[[ INPUT DATA, beginning ]]
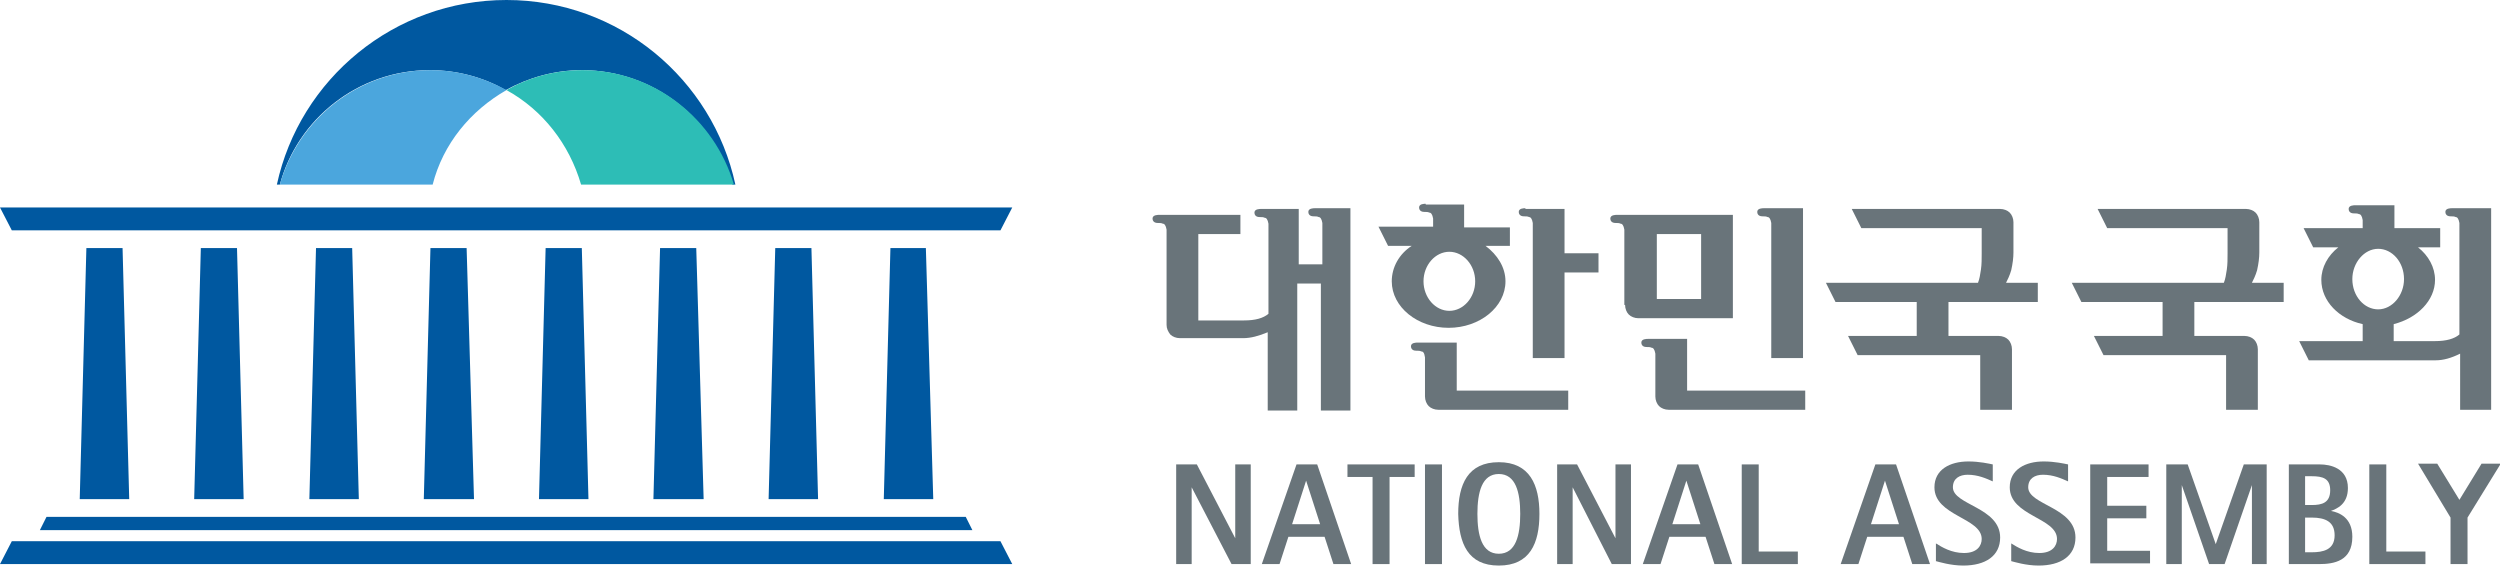 <svg width="196" height="45" viewBox="0 0 196 45" fill="none" xmlns="http://www.w3.org/2000/svg">
<g clip-path="url(#clip0_4_55)">
<path d="M33.689 5.499C35.889 5.499 37.915 6.078 39.651 7.062C41.446 6.078 43.472 5.499 45.614 5.499C51.229 5.499 55.975 9.32 57.422 14.471H57.654C55.859 6.194 48.508 0 39.709 0C30.911 0 23.502 6.194 21.707 14.471H21.939C23.328 9.32 28.074 5.499 33.689 5.499Z" fill="#0058A0"/>
<path d="M39.709 7.062C37.915 6.078 35.889 5.499 33.747 5.499C28.132 5.499 23.386 9.32 21.939 14.471H33.921C34.731 11.288 36.873 8.683 39.709 7.062Z" fill="#4BA6DD"/>
<path d="M45.672 5.499C43.472 5.499 41.446 6.078 39.709 7.062C42.546 8.625 44.63 11.288 45.556 14.471H57.538C56.033 9.32 51.287 5.499 45.672 5.499Z" fill="#2DBDB6"/>
<path d="M79.361 44.224L78.435 42.43H0.926L0 44.224H79.361Z" fill="#0058A0"/>
<path d="M9.609 19.45L10.13 39.13H6.251L6.772 19.45H9.609Z" fill="#0058A0"/>
<path d="M18.581 19.45L19.102 39.13H15.224L15.745 19.45H18.581Z" fill="#0058A0"/>
<path d="M27.611 19.45L28.132 39.13H24.254L24.775 19.45H27.611Z" fill="#0058A0"/>
<path d="M36.583 19.45L37.162 39.13H33.226L33.747 19.45H36.583Z" fill="#0058A0"/>
<path d="M45.614 19.45L46.135 39.13H42.256L42.777 19.45H45.614Z" fill="#0058A0"/>
<path d="M54.586 19.45L55.165 39.13H51.228L51.749 19.45H54.586Z" fill="#0058A0"/>
<path d="M63.616 19.45L64.137 39.13H60.259L60.78 19.45H63.616Z" fill="#0058A0"/>
<path d="M72.588 19.45L73.167 39.13H69.289L69.809 19.45H72.588Z" fill="#0058A0"/>
<path d="M0 16.266L0.926 18.06H78.435L79.361 16.266H0Z" fill="#0058A0"/>
<path d="M3.647 40.52L3.126 41.562H76.235L75.714 40.52H3.647Z" fill="#0058A0"/>
<path d="M159.764 23.675V22.17C159.764 22.17 157.506 22.17 157.275 22.17C157.391 21.939 157.564 21.591 157.68 21.186C157.796 20.665 157.854 20.202 157.854 19.797V17.423C157.854 17.134 157.738 16.845 157.564 16.671C157.391 16.497 157.101 16.381 156.812 16.381H145.177L145.929 17.887C147.666 17.887 155.249 17.887 155.365 17.887C155.365 18.002 155.365 19.855 155.365 19.855C155.365 20.318 155.365 20.723 155.307 21.128C155.249 21.533 155.191 21.881 155.075 22.17C154.959 22.17 145.351 22.17 143.151 22.17L143.903 23.675C145.235 23.675 150.155 23.675 150.271 23.675C150.271 23.791 150.271 26.222 150.271 26.338C150.155 26.338 146.219 26.338 144.887 26.338L145.64 27.843C147.377 27.843 155.133 27.843 155.249 27.843C155.249 27.959 155.249 32.126 155.249 32.126H157.738V27.38C157.738 27.09 157.622 26.801 157.449 26.627C157.275 26.453 156.985 26.338 156.696 26.338C155.249 26.338 152.818 26.338 152.76 26.338C152.76 26.222 152.76 23.791 152.76 23.675C152.934 23.675 159.764 23.675 159.764 23.675Z" fill="#69747A"/>
<path d="M179.04 23.675V22.17C179.04 22.17 176.782 22.17 176.551 22.17C176.667 21.939 176.84 21.591 176.956 21.186C177.072 20.665 177.13 20.202 177.13 19.797V17.423C177.13 17.134 177.014 16.845 176.84 16.671C176.667 16.497 176.377 16.381 176.088 16.381H164.453L165.205 17.887C166.884 17.887 174.525 17.887 174.641 17.887C174.641 18.002 174.641 19.855 174.641 19.855C174.641 20.318 174.641 20.723 174.583 21.128C174.525 21.533 174.467 21.881 174.351 22.17C174.235 22.17 164.626 22.17 162.427 22.17L163.179 23.675C164.511 23.675 169.431 23.675 169.547 23.675C169.547 23.791 169.547 26.222 169.547 26.338C169.431 26.338 165.495 26.338 164.163 26.338L164.916 27.843C166.652 27.843 174.409 27.843 174.525 27.843C174.525 27.959 174.525 32.126 174.525 32.126H177.014V27.38C177.014 27.09 176.898 26.801 176.724 26.627C176.551 26.453 176.261 26.338 175.972 26.338C174.525 26.338 172.094 26.338 172.036 26.338C172.036 26.222 172.036 23.791 172.036 23.675C172.209 23.675 179.04 23.675 179.04 23.675Z" fill="#69747A"/>
<path d="M191.369 17.887H187.723C187.723 17.539 187.723 16.092 187.723 16.092H184.655C184.539 16.092 184.134 16.092 184.134 16.381C184.134 16.497 184.192 16.729 184.539 16.729C184.713 16.729 184.828 16.729 184.944 16.787C185.06 16.787 185.176 16.902 185.234 17.25C185.234 17.539 185.234 17.771 185.234 17.887H180.603L181.355 19.392H183.323C182.513 20.028 181.992 20.954 181.992 21.939C181.992 23.617 183.381 25.006 185.234 25.412C185.234 25.527 185.234 26.569 185.234 26.743C185.118 26.743 181.76 26.743 180.255 26.743L181.008 28.248H190.964C191.543 28.248 192.18 28.074 192.874 27.727V32.126H195.306V16.324H192.238C192.122 16.324 191.717 16.324 191.717 16.613C191.717 16.729 191.775 16.96 192.122 16.96C192.296 16.96 192.411 16.96 192.527 17.018C192.643 17.018 192.759 17.134 192.817 17.481V26.222C192.411 26.569 191.775 26.743 190.906 26.743H187.665C187.665 26.627 187.665 25.527 187.665 25.412C189.517 24.948 190.906 23.559 190.906 21.939C190.906 20.954 190.385 20.028 189.575 19.392H191.311V17.887H191.369ZM184.423 21.881C184.423 20.607 185.349 19.507 186.449 19.507C187.549 19.507 188.475 20.549 188.475 21.881C188.475 23.154 187.549 24.254 186.449 24.254C185.349 24.254 184.423 23.212 184.423 21.881Z" fill="#69747A"/>
<path d="M127.406 23.907C127.406 24.196 127.522 24.485 127.696 24.659C127.869 24.833 128.159 24.949 128.448 24.949H135.858V16.845H126.77C126.654 16.845 126.249 16.845 126.249 17.134C126.249 17.25 126.306 17.481 126.654 17.481C126.827 17.481 126.943 17.481 127.059 17.539C127.175 17.539 127.29 17.655 127.348 18.002V23.907H127.406ZM133.368 23.444C133.253 23.444 130.011 23.444 129.895 23.444C129.895 23.328 129.895 18.465 129.895 18.35C130.011 18.35 133.253 18.35 133.368 18.35C133.368 18.465 133.368 23.27 133.368 23.444Z" fill="#69747A"/>
<path d="M132.269 30.621C132.269 30.506 132.269 26.569 132.269 26.569H129.201C129.085 26.569 128.68 26.569 128.68 26.859C128.68 26.974 128.738 27.206 129.085 27.206C129.259 27.206 129.374 27.206 129.49 27.264C129.606 27.264 129.722 27.38 129.78 27.727V31.084C129.78 31.374 129.895 31.663 130.069 31.837C130.243 32.011 130.532 32.126 130.821 32.126H141.53V30.621C141.53 30.621 132.442 30.621 132.269 30.621Z" fill="#69747A"/>
<path d="M138.289 16.324C138.173 16.324 137.768 16.324 137.768 16.613C137.768 16.729 137.825 16.96 138.173 16.96C138.346 16.96 138.462 16.96 138.578 17.018C138.694 17.018 138.81 17.134 138.867 17.481V28.074H141.356V16.324H138.289Z" fill="#69747A"/>
<path d="M111.14 26.859C111.024 26.859 110.619 26.859 110.619 27.148C110.619 27.264 110.677 27.495 111.024 27.495C111.198 27.495 111.314 27.495 111.43 27.553C111.545 27.553 111.661 27.611 111.719 28.017V31.084C111.719 31.374 111.835 31.663 112.008 31.837C112.182 32.011 112.471 32.126 112.761 32.126H122.949V30.621C122.949 30.621 114.324 30.621 114.208 30.621C114.208 30.506 114.208 26.859 114.208 26.859H111.14Z" fill="#69747A"/>
<path d="M119.591 16.324C119.476 16.324 119.07 16.324 119.07 16.613C119.07 16.729 119.128 16.96 119.476 16.96C119.649 16.96 119.765 16.96 119.881 17.018C119.996 17.018 120.112 17.134 120.17 17.481V28.074H122.659C122.659 28.074 122.659 21.475 122.659 21.36C122.775 21.36 125.322 21.36 125.322 21.36V19.855C125.322 19.855 122.775 19.855 122.659 19.855C122.659 19.739 122.659 16.381 122.659 16.381H119.591V16.324Z" fill="#69747A"/>
<path d="M111.777 15.976C111.661 15.976 111.256 15.976 111.256 16.266C111.256 16.381 111.314 16.613 111.661 16.613C111.835 16.613 111.951 16.613 112.066 16.671C112.182 16.671 112.298 16.787 112.356 17.134C112.356 17.424 112.356 17.655 112.356 17.771H108.072L108.825 19.276H110.677C109.693 19.913 109.114 20.954 109.114 22.054C109.114 24.08 111.14 25.701 113.571 25.701C116.003 25.701 118.029 24.08 118.029 22.054C118.029 20.954 117.392 19.97 116.466 19.276H118.376V19.218V17.887V17.829H114.787C114.787 17.481 114.787 16.034 114.787 16.034H111.777V15.976ZM111.603 22.054C111.603 20.781 112.529 19.739 113.629 19.739C114.729 19.739 115.655 20.781 115.655 22.054C115.655 23.328 114.729 24.37 113.629 24.37C112.529 24.37 111.603 23.328 111.603 22.054Z" fill="#69747A"/>
<path d="M103.094 16.324C102.978 16.324 102.573 16.324 102.573 16.613C102.573 16.729 102.631 16.96 102.978 16.96C103.152 16.96 103.268 16.96 103.384 17.018C103.499 17.018 103.615 17.134 103.673 17.481C103.673 18.755 103.673 20.607 103.673 20.723C103.557 20.723 101.936 20.723 101.821 20.723C101.821 20.607 101.821 16.381 101.821 16.381H98.868C98.753 16.381 98.348 16.381 98.348 16.671C98.348 16.787 98.405 17.018 98.753 17.018C98.926 17.018 99.042 17.018 99.158 17.076C99.274 17.076 99.389 17.192 99.447 17.539V24.601C99.042 24.948 98.405 25.122 97.537 25.122H93.948V18.35C94.064 18.35 97.248 18.35 97.248 18.35V16.845H90.88C90.765 16.845 90.359 16.845 90.359 17.134C90.359 17.25 90.417 17.481 90.765 17.481C90.938 17.481 91.054 17.481 91.17 17.539C91.285 17.539 91.401 17.655 91.459 18.002V25.47C91.459 25.759 91.575 25.991 91.749 26.222C91.922 26.396 92.212 26.511 92.501 26.511H97.479C98.058 26.511 98.695 26.338 99.389 26.048V32.184H101.705C101.705 32.184 101.705 22.344 101.705 22.228C101.821 22.228 103.441 22.228 103.557 22.228C103.557 22.344 103.557 32.184 103.557 32.184H105.873V16.324H103.094Z" fill="#69747A"/>
<path d="M92.212 36.41H93.833L96.843 42.199V36.41H98.058V44.224H96.553L93.427 38.204V44.224H92.212V36.41Z" fill="#69747A"/>
<path d="M102.399 37.683L103.499 41.099H101.3L102.399 37.683ZM98.926 44.224H100.316L101.01 42.083H103.847L104.541 44.224H105.93L103.268 36.41H101.647L98.926 44.224Z" fill="#69747A"/>
<path d="M107.609 37.394H105.641V36.41H110.909V37.394H108.941V44.224H107.609V37.394Z" fill="#69747A"/>
<path d="M111.719 36.41H113.051V44.224H111.719V36.41Z" fill="#69747A"/>
<path d="M115.829 40.288C115.829 38.609 116.176 37.162 117.507 37.162C118.839 37.162 119.186 38.609 119.186 40.288C119.186 41.967 118.839 43.414 117.507 43.414C116.176 43.414 115.829 41.967 115.829 40.288ZM117.507 44.34C119.939 44.34 120.691 42.604 120.691 40.288C120.691 38.031 119.939 36.236 117.507 36.236C115.076 36.236 114.324 37.973 114.324 40.288C114.382 42.604 115.076 44.34 117.507 44.34Z" fill="#69747A"/>
<path d="M122.022 36.41H123.643L126.653 42.199V36.41H127.869V44.224H126.364L123.296 38.204V44.224H122.08V36.41H122.022Z" fill="#69747A"/>
<path d="M132.211 37.683L133.31 41.099H131.111L132.211 37.683ZM128.795 44.224H130.185L130.879 42.083H133.716L134.41 44.224H135.8L133.137 36.41H131.516L128.795 44.224Z" fill="#69747A"/>
<path d="M136.552 36.41H137.883V43.24H140.951V44.224H136.552V36.41Z" fill="#69747A"/>
<path d="M147.782 37.683L148.882 41.099H146.682L147.782 37.683ZM144.309 44.224H145.698L146.392 42.083H149.229L149.923 44.224H151.313L148.65 36.41H147.029L144.309 44.224Z" fill="#69747A"/>
<path d="M156.233 37.741C155.712 37.51 155.075 37.22 154.265 37.22C153.628 37.22 153.107 37.51 153.107 38.204C153.107 39.594 156.812 39.767 156.812 42.141C156.812 43.588 155.654 44.34 153.918 44.34C152.934 44.34 152.007 44.051 151.776 43.993V42.604C152.239 42.893 152.992 43.356 153.976 43.356C155.018 43.356 155.365 42.777 155.365 42.256C155.365 40.578 151.66 40.462 151.66 38.204C151.66 36.815 152.876 36.178 154.323 36.178C155.191 36.178 155.944 36.352 156.233 36.41V37.741Z" fill="#69747A"/>
<path d="M162.137 37.741C161.616 37.51 160.98 37.22 160.169 37.22C159.533 37.22 159.012 37.51 159.012 38.204C159.012 39.594 162.716 39.767 162.716 42.141C162.716 43.588 161.559 44.34 159.822 44.34C158.838 44.34 157.912 44.051 157.68 43.993V42.604C158.143 42.893 158.896 43.356 159.88 43.356C160.922 43.356 161.269 42.777 161.269 42.256C161.269 40.578 157.564 40.462 157.564 38.204C157.564 36.815 158.78 36.178 160.227 36.178C161.095 36.178 161.848 36.352 162.137 36.41V37.741Z" fill="#69747A"/>
<path d="M163.874 36.41H168.447V37.394H165.205V39.651H168.273V40.636H165.205V43.182H168.563V44.167H163.874V36.41Z" fill="#69747A"/>
<path d="M169.72 36.41H171.515L173.714 42.661L175.914 36.41H177.708V44.224H176.551V38.031L174.409 44.224H173.193L171.052 38.031V44.224H169.836V36.41H169.72Z" fill="#69747A"/>
<path d="M180.719 37.336H181.24C182.108 37.336 182.687 37.51 182.687 38.436C182.687 39.42 182.05 39.594 181.24 39.594H180.719V37.336ZM179.387 44.224H181.818C182.976 44.224 184.423 43.993 184.423 42.083C184.423 40.578 183.381 40.172 182.745 40.057C183.208 39.883 184.076 39.536 184.076 38.262C184.076 36.699 182.687 36.41 181.876 36.41H179.445V44.224H179.387ZM180.719 40.578H181.24C182.339 40.578 183.034 40.925 183.034 41.967C183.034 43.125 182.108 43.298 181.24 43.298H180.719V40.578Z" fill="#69747A"/>
<path d="M185.754 36.41H187.086V43.24H190.154V44.224H185.754V36.41Z" fill="#69747A"/>
<path d="M192.122 40.578L189.575 36.352H191.08L192.817 39.188L194.553 36.352H196.058L193.454 40.578V44.224H192.122V40.578Z" fill="#69747A"/>
</g>
<defs>
<clipPath id="clip0_4_55">
<rect width="196" height="44.34" fill="white"/>
</clipPath>
</defs>
</svg>
[[ INPUT DATA, end ]]
> **REQUIRED WORK**
Look above for the line with "16.324C138.173 16.324 137.768" and the line with "16.324C119.476 16.324 119.07". Write out those two lines and all the lines between them, exactly, and no others.

> **ANSWER SECTION**
<path d="M138.289 16.324C138.173 16.324 137.768 16.324 137.768 16.613C137.768 16.729 137.825 16.96 138.173 16.96C138.346 16.96 138.462 16.96 138.578 17.018C138.694 17.018 138.81 17.134 138.867 17.481V28.074H141.356V16.324H138.289Z" fill="#69747A"/>
<path d="M111.14 26.859C111.024 26.859 110.619 26.859 110.619 27.148C110.619 27.264 110.677 27.495 111.024 27.495C111.198 27.495 111.314 27.495 111.43 27.553C111.545 27.553 111.661 27.611 111.719 28.017V31.084C111.719 31.374 111.835 31.663 112.008 31.837C112.182 32.011 112.471 32.126 112.761 32.126H122.949V30.621C122.949 30.621 114.324 30.621 114.208 30.621C114.208 30.506 114.208 26.859 114.208 26.859H111.14Z" fill="#69747A"/>
<path d="M119.591 16.324C119.476 16.324 119.07 16.324 119.07 16.613C119.07 16.729 119.128 16.96 119.476 16.96C119.649 16.96 119.765 16.96 119.881 17.018C119.996 17.018 120.112 17.134 120.17 17.481V28.074H122.659C122.659 28.074 122.659 21.475 122.659 21.36C122.775 21.36 125.322 21.36 125.322 21.36V19.855C125.322 19.855 122.775 19.855 122.659 19.855C122.659 19.739 122.659 16.381 122.659 16.381H119.591V16.324Z" fill="#69747A"/>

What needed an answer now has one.